**WHAT IS EXPECTED**
Please filter the data below down to the lines holding the string "stroke".

**DATA FOR ANALYSIS**
....

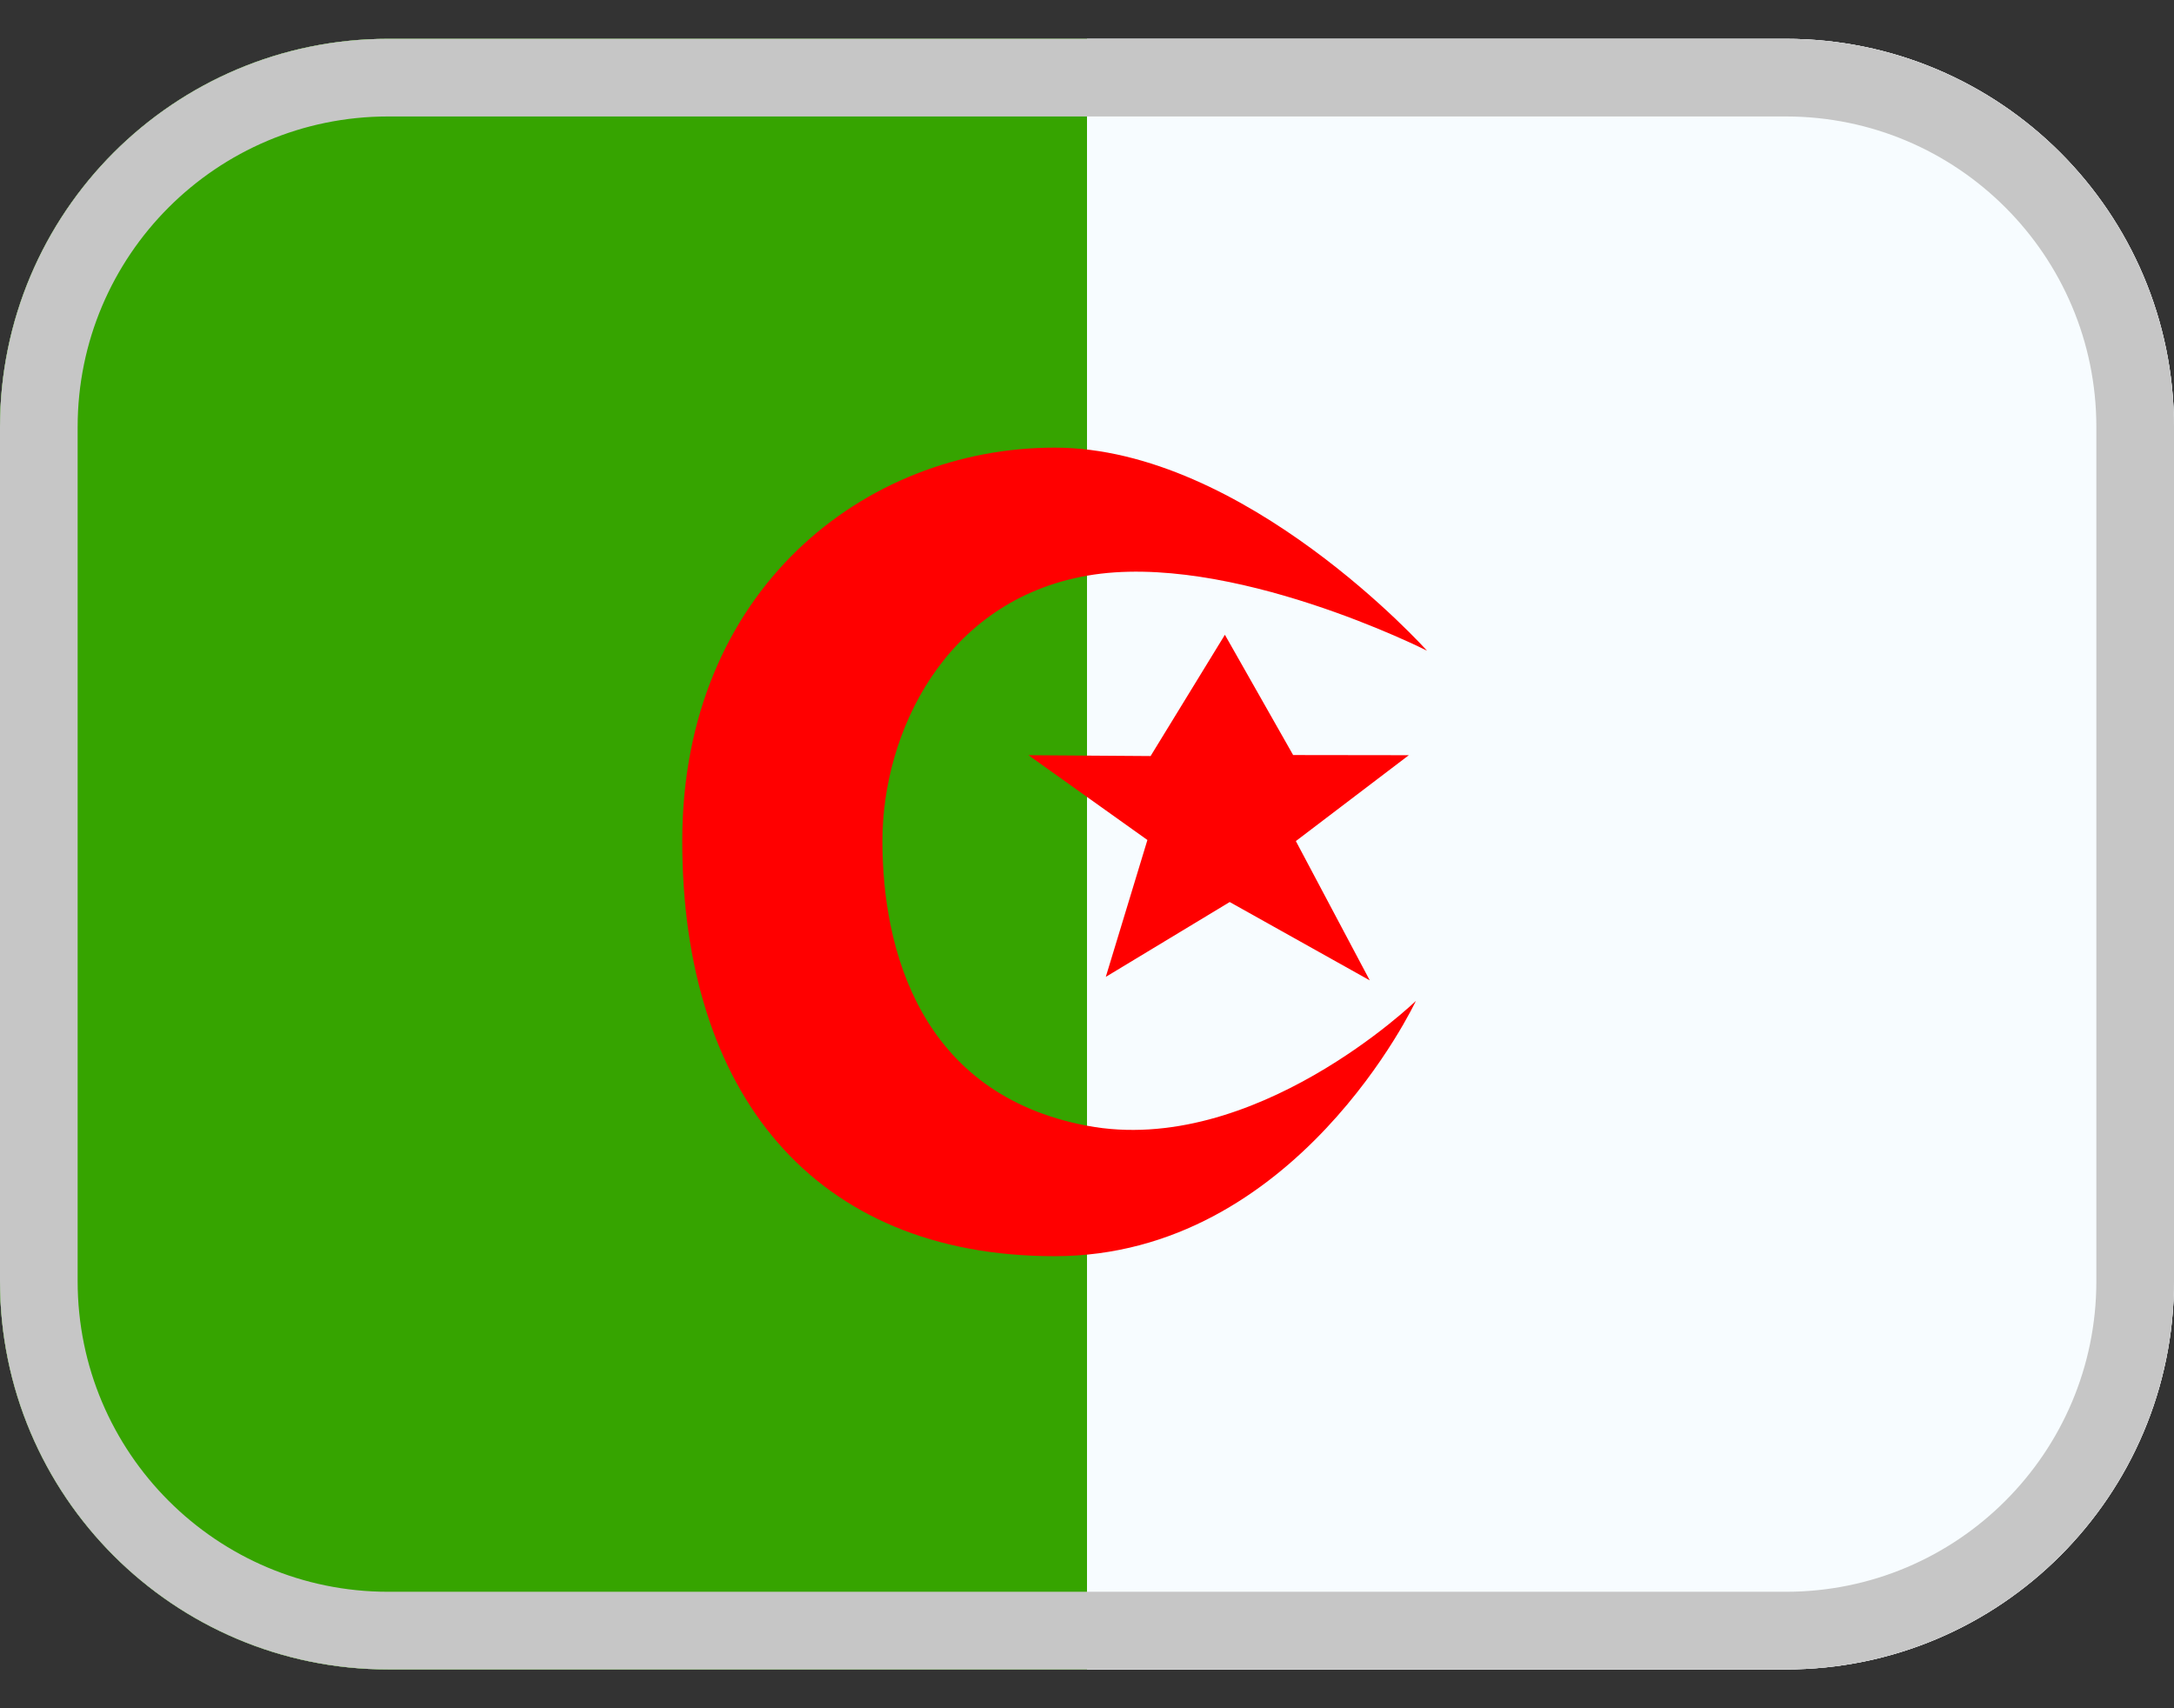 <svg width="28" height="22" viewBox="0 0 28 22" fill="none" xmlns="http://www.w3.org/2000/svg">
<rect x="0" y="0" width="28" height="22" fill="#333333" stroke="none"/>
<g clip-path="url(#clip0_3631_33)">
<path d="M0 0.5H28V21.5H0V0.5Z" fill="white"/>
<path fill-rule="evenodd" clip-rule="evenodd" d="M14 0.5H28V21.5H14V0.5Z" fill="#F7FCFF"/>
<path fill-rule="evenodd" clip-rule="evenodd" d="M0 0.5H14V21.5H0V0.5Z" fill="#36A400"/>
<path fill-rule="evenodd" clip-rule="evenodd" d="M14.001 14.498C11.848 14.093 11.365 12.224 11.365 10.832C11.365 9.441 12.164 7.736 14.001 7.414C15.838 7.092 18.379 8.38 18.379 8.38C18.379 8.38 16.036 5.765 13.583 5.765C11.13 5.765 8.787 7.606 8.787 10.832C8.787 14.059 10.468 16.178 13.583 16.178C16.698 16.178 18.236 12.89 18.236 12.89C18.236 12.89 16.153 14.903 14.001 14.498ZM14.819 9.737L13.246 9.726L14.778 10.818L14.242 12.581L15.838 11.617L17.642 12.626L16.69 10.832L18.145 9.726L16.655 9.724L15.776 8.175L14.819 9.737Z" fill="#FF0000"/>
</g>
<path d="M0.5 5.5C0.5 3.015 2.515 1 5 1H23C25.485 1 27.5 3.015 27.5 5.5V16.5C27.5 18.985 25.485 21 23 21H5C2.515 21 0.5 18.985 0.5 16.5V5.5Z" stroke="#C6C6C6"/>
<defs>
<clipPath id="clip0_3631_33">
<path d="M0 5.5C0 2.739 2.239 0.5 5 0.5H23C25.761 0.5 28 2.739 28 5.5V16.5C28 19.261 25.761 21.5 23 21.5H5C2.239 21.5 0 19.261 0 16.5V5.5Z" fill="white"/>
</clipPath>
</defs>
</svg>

....

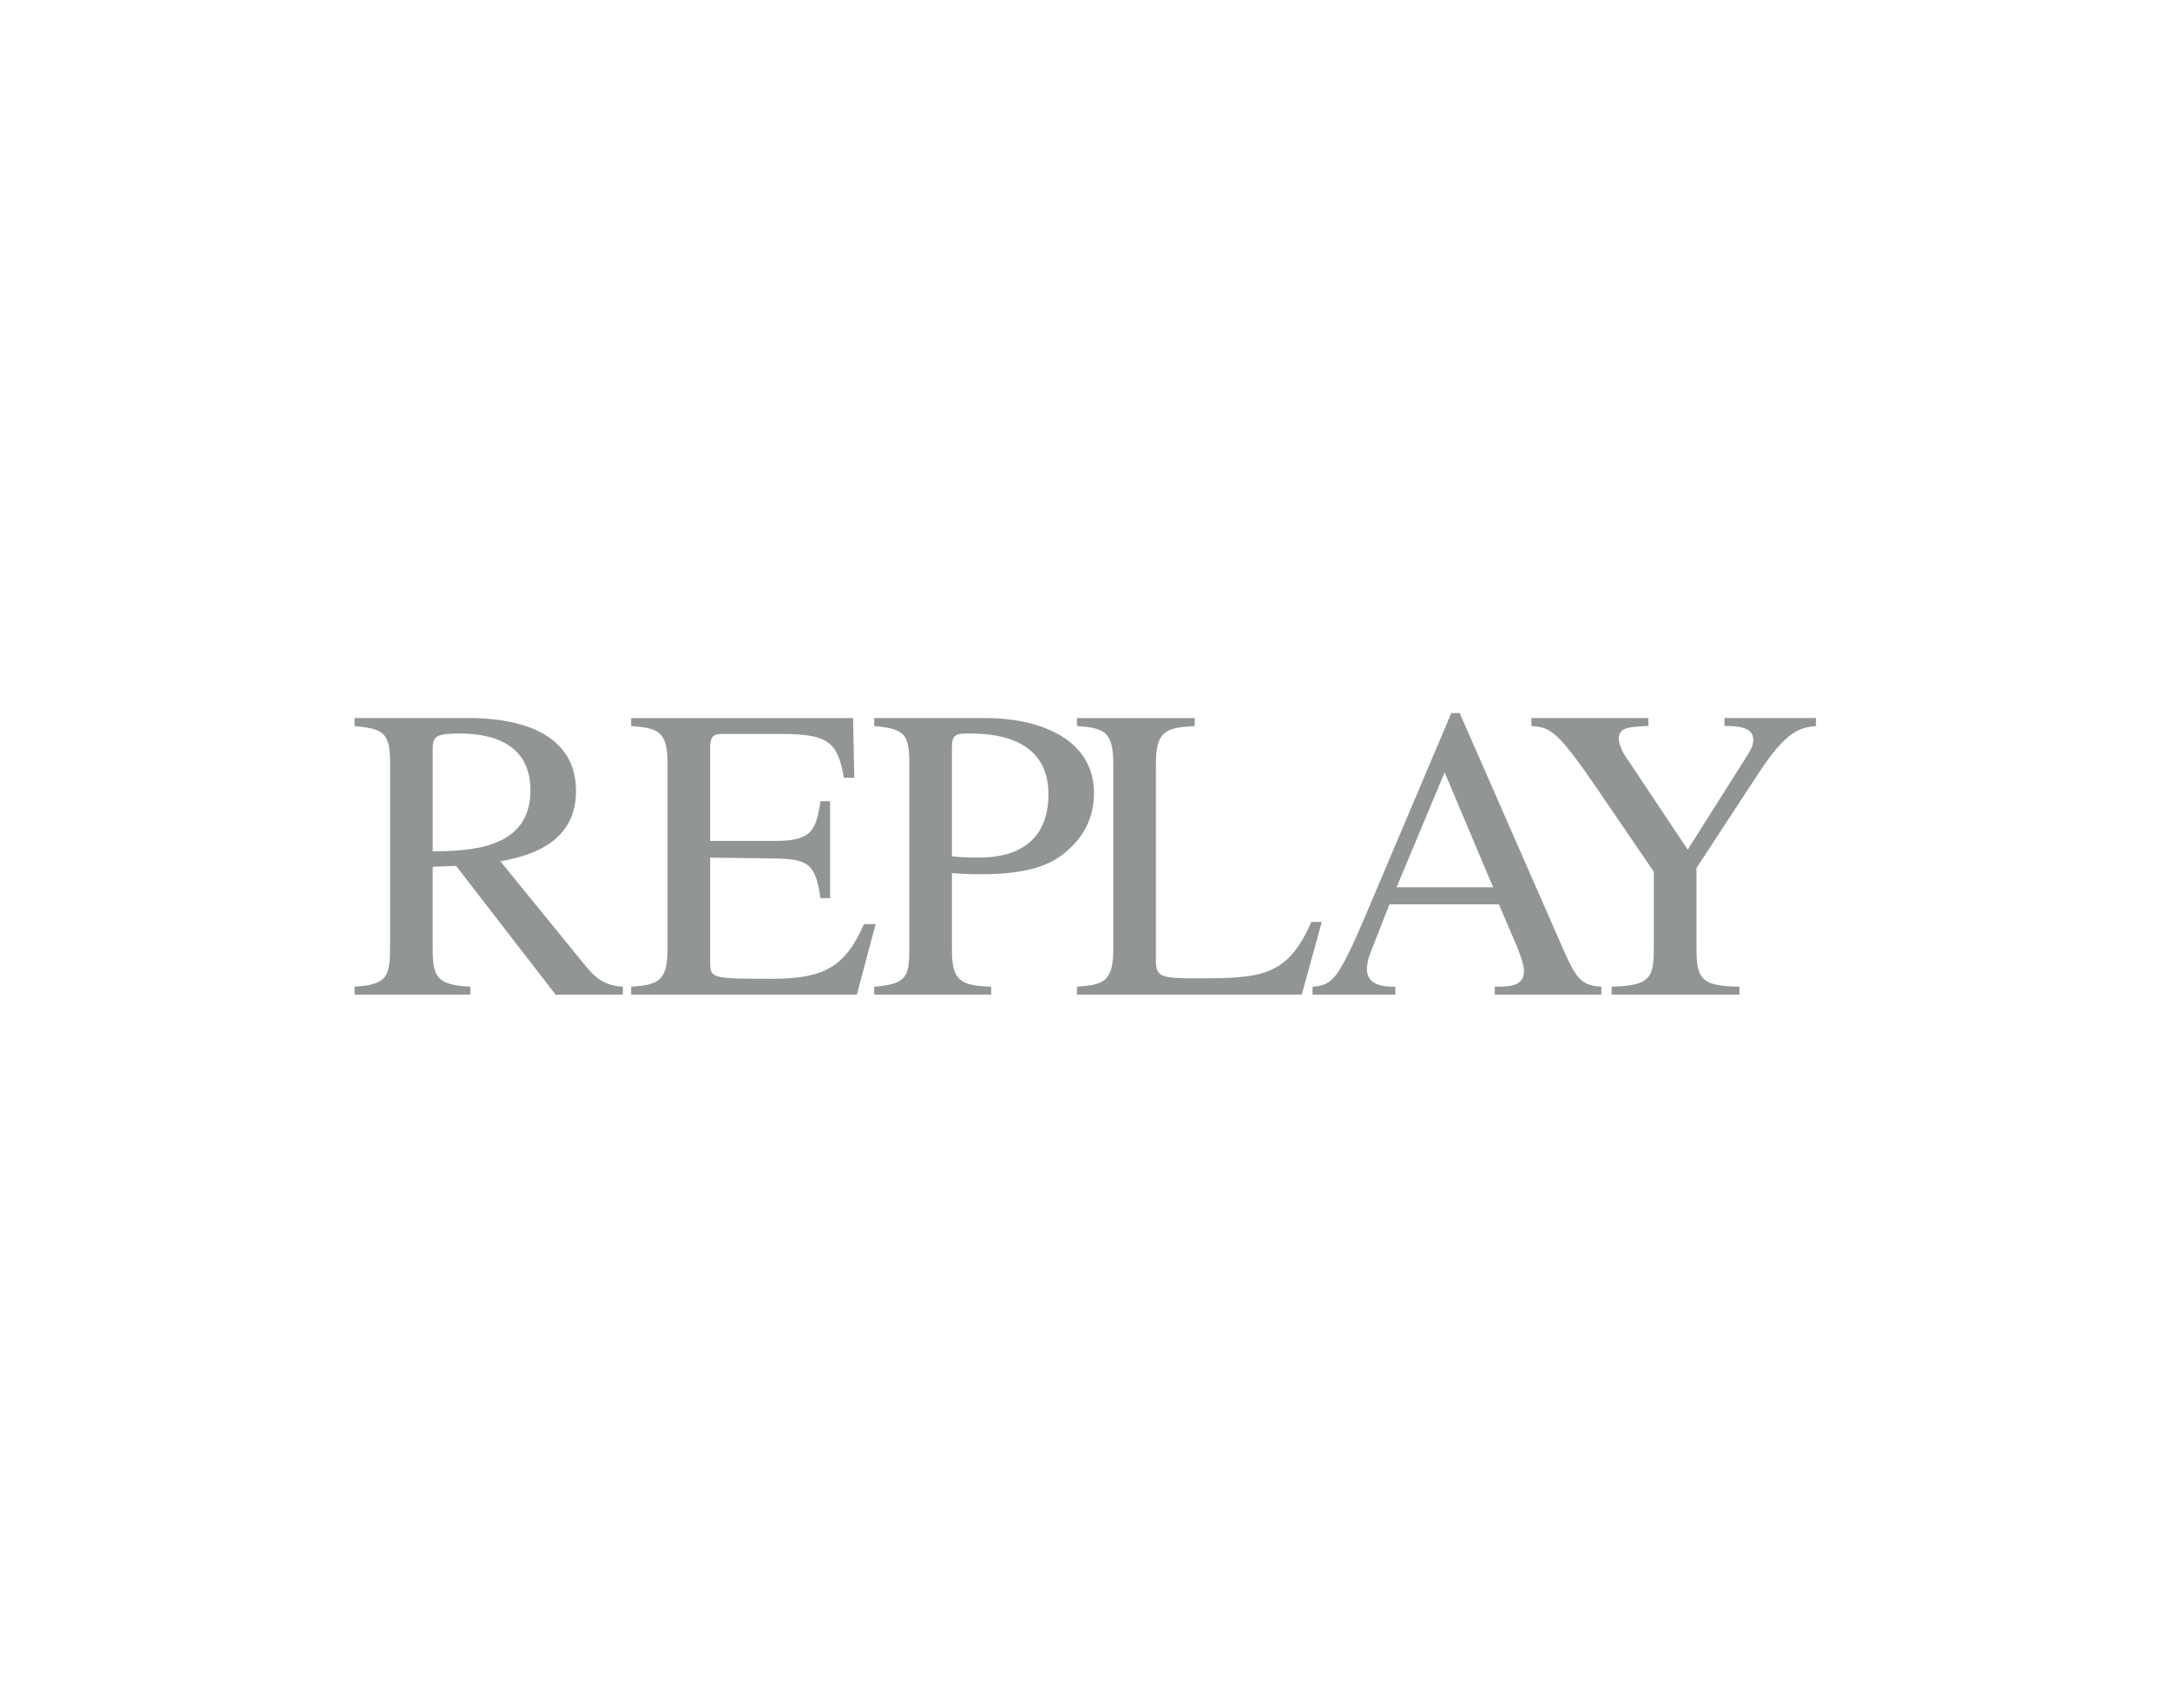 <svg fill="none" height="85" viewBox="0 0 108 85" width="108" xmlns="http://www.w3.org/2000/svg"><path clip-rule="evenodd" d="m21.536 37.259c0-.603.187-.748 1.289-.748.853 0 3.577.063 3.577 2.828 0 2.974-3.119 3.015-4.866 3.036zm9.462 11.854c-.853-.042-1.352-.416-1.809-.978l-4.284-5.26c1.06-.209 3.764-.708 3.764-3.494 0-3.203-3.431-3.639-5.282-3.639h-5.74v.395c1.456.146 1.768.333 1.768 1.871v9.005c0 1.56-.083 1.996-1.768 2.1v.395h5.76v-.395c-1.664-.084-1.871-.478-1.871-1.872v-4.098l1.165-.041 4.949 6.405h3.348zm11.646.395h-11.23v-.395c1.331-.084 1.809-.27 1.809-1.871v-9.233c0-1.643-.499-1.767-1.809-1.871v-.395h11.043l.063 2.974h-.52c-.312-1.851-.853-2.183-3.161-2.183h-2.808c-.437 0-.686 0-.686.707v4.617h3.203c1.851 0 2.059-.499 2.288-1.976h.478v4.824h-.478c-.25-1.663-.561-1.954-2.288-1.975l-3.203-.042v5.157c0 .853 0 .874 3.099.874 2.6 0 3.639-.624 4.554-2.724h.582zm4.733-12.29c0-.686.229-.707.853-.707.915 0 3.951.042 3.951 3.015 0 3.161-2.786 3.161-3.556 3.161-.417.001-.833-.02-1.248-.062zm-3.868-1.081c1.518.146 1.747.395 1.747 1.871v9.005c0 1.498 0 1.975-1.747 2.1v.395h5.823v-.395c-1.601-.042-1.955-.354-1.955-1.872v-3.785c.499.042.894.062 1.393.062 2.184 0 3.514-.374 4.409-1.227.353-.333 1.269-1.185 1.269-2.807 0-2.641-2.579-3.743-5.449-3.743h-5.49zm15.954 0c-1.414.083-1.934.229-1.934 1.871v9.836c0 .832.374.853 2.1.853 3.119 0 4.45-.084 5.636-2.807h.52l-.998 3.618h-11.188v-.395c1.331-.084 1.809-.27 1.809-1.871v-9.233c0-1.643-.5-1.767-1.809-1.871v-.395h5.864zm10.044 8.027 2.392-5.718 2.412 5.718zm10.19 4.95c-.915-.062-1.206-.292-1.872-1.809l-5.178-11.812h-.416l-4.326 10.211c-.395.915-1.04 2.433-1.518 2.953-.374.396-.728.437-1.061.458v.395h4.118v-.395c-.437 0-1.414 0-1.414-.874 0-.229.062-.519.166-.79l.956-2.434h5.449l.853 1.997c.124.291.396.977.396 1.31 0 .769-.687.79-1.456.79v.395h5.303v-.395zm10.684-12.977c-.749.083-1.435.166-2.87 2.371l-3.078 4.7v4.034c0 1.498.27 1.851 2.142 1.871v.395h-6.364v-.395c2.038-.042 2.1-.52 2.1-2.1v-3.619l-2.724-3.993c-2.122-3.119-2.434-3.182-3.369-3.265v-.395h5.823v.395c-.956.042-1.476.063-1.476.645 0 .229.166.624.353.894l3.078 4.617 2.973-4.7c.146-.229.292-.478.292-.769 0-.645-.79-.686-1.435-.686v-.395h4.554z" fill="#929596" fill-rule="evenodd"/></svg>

....

**SOLUTION FOR THIS EXERCISE**
<rect x="0" y="0" width="28" height="22" fill="#333333" stroke="none"/>
<path d="M0.5 5.5C0.5 3.015 2.515 1 5 1H23C25.485 1 27.5 3.015 27.5 5.5V16.5C27.5 18.985 25.485 21 23 21H5C2.515 21 0.5 18.985 0.5 16.5V5.5Z" stroke="#C6C6C6"/>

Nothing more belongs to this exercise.